■ **GIVEN ENTRIES**:
Segment Open
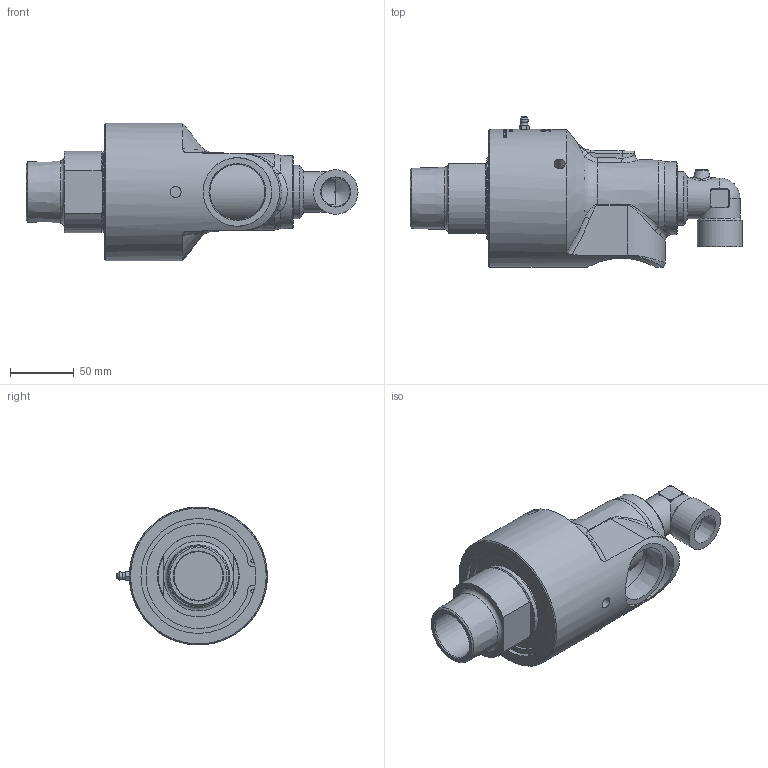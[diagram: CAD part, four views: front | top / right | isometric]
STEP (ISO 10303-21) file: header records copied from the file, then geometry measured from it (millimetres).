
FILE_DESCRIPTION(/* description */ (''),/* implementation_level */ '2;1');
FILE_NAME(/* name */ '557-000-002013-IC.stp',/* time_stamp */ '2022-07-05T14:26:04-05:00',/* author */ ('GALINDOLM'),/* organization */ (''),/* preprocessor_version */ 'ST-DEVELOPER v18.1',/* originating_system */ 'Autodesk Inventor 2022',/* authorisation */ '');
FILE_SCHEMA (('AUTOMOTIVE_DESIGN { 1 0 10303 214 3 1 1 }'));
Products named in the file (1): 557-000-002013-IC
Bounding box: 260.2 x 117.99 x 108 mm (x, y, z)
Volume: 996782.3 mm3; surface area: 101633.1 mm2
Topology: 1 solids, 2 shells, 985 faces, 2565 edges, 1684 vertices
Faces by surface type: bspline 436, plane 358, cylinder 147, cone 26, torus 15, sphere 3
Full cylindrical faces by diameter (mm): 3 x1, 3.175 x2, 5.359 x1, 8.6 x3, 22.631 x2, 27.05 x1, 32 x1, 35 x1, 37.313 x1, 38.1 x1, 43.256 x1, 53.7 x1, 56.25 x1, 64 x1, 90.07 x1, 108 x1
Entity records: 44009 total; most frequent: CARTESIAN_POINT 22088, ORIENTED_EDGE 5108, DIRECTION 3305, EDGE_CURVE 2554, VERTEX_POINT 1684, AXIS2_PLACEMENT_3D 1126, EDGE_LOOP 1098, LINE 1053
Segment Closed
■ **REQUIRED WORK**: Each of the lines above should be transcribed exactly; no image is to be copied.

■ **RESPONSE FOR THIS EXERCISE**:
[diagram: CAD part, four views: front | top / right | isometric]
STEP (ISO 10303-21) file: header records copied from the file, then geometry measured from it (millimetres).
FILE_DESCRIPTION(/* description */ (''),/* implementation_level */ '2;1');
FILE_NAME(/* name */ '557-000-002013-IC.stp',/* time_stamp */ '2022-07-05T14:26:04-05:00',/* author */ ('GALINDOLM'),/* organization */ (''),/* preprocessor_version */ 'ST-DEVELOPER v18.1',/* originating_system */ 'Autodesk Inventor 2022',/* authorisation */ '');
FILE_SCHEMA (('AUTOMOTIVE_DESIGN { 1 0 10303 214 3 1 1 }'));
Products named in the file (1): 557-000-002013-IC
Bounding box: 260.2 x 117.99 x 108 mm (x, y, z)
Volume: 996782.3 mm3; surface area: 101633.1 mm2
Topology: 1 solids, 2 shells, 985 faces, 2565 edges, 1684 vertices
Faces by surface type: bspline 436, plane 358, cylinder 147, cone 26, torus 15, sphere 3
Full cylindrical faces by diameter (mm): 3 x1, 3.175 x2, 5.359 x1, 8.6 x3, 22.631 x2, 27.05 x1, 32 x1, 35 x1, 37.313 x1, 38.1 x1, 43.256 x1, 53.7 x1, 56.25 x1, 64 x1, 90.07 x1, 108 x1
Entity records: 44009 total; most frequent: CARTESIAN_POINT 22088, ORIENTED_EDGE 5108, DIRECTION 3305, EDGE_CURVE 2554, VERTEX_POINT 1684, AXIS2_PLACEMENT_3D 1126, EDGE_LOOP 1098, LINE 1053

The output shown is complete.